Your goal => Write out, word for word, the line that contains "share of the ground: > 75 %" and each line after it down to the last line of the data below. Include nothing more.
++++++++++++++++++++
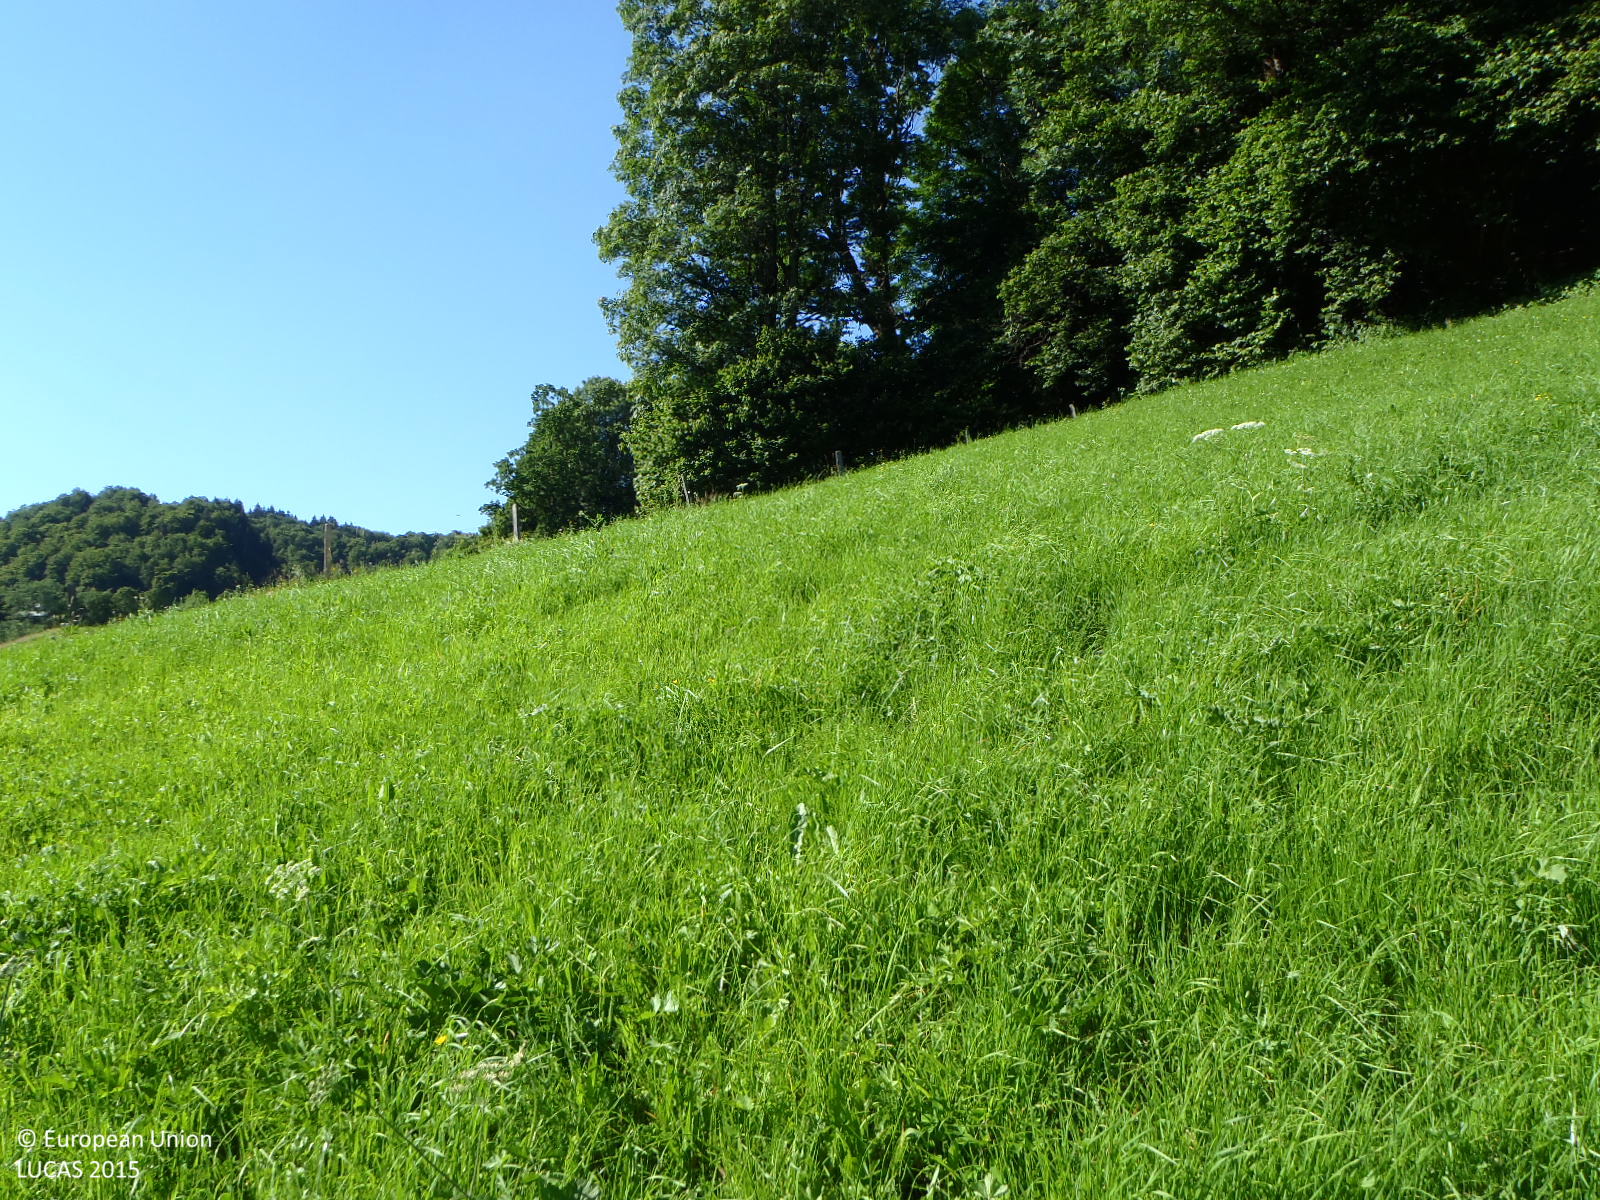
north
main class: Grassland
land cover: Grassland without tree/shrub cover
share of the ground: > 75 %
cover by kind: herbaceous plants 100 %
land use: Agriculture (excluding fallow land and kitchen gardens)
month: July
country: AT
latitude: 47.4226
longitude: 12.4241
++++++++++++++++++++
Solution =>
share of the ground: > 75 %
cover by kind: herbaceous plants 100 %
land use: Agriculture (excluding fallow land and kitchen gardens)
month: July
country: AT
latitude: 47.4226
longitude: 12.4241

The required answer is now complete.